Resolved -
On February 26, 2024, between 18:34 UTC and 19:37 UTC our background job service was degraded and caused job start delays up to 15 minutes. Users experienced delays in Webhooks, Actions, and some UI updates (e.g. a delay in UI updates on pull requests). This was due to capacity problems with our job queueing service, and a failure of our automated failover system.
We mitigated the incident by manually failing over to our secondary cluster. No data was lost - recovery began at 18:55 UTC, when the backlog of enqueued jobs began to process.

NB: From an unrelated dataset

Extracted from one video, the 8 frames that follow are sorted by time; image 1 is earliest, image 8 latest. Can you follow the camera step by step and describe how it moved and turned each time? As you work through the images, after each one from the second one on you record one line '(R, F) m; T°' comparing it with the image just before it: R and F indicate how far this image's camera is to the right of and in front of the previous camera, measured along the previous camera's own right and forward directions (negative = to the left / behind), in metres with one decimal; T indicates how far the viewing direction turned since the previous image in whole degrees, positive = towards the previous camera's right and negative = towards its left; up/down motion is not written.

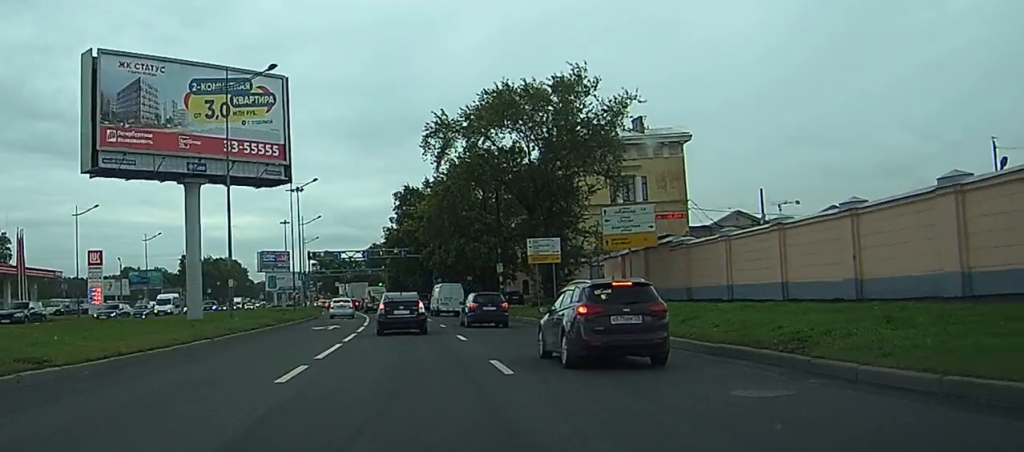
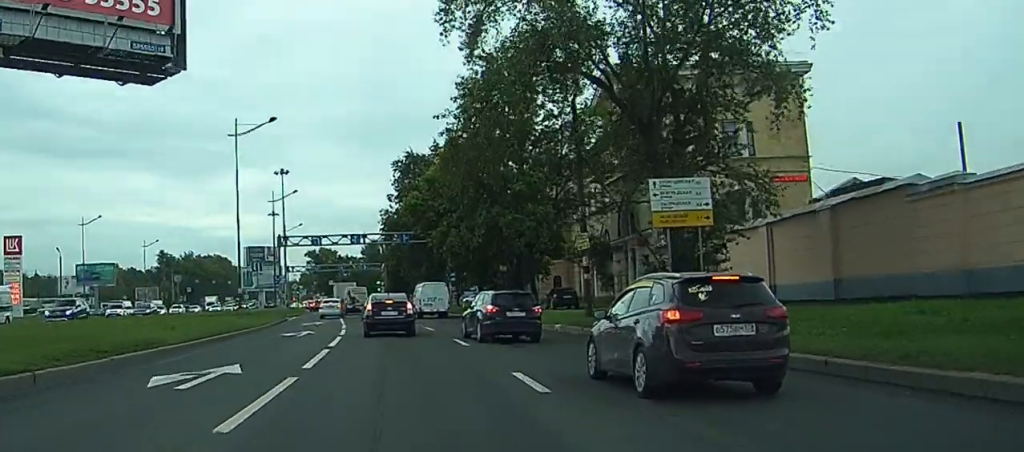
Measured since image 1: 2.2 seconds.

We are actively working to repair our failover automation and expand the capacity of our background job queuing service to prevent issues like this in the future.
Feb 26, 19:37 UTC
Update -
Actions and Pull Requests are operating normally.
Feb 26, 19:37 UTC
Update -
Webhooks and Issues are operating normally.
Feb 26, 19:37 UTC
Update -
Issues is experiencing degraded performance. We are continuing to investigate.
Feb 26, 19:05 UTC
Update -
Pull Requests is experiencing degraded performance. We are continuing to investigate.
Feb 26, 18:57 UTC
Update -
We have deployed a fix for issues affecting Webhooks, Actions, and some other services. We are beginning to see recovery and will continue to monitor and fix as needed.
Feb 26, 18:55 UTC
Update -
Webhooks is experiencing degraded performance. We are continuing to investigate.
Feb 26, 18:55 UTC
Update -
Actions is experiencing degraded performance. We are continuing to investigate.
Feb 26, 18:48 UTC
Investigating -
We are investigating reports of degraded performance for Webhooks
Feb 26, 18:47 UTC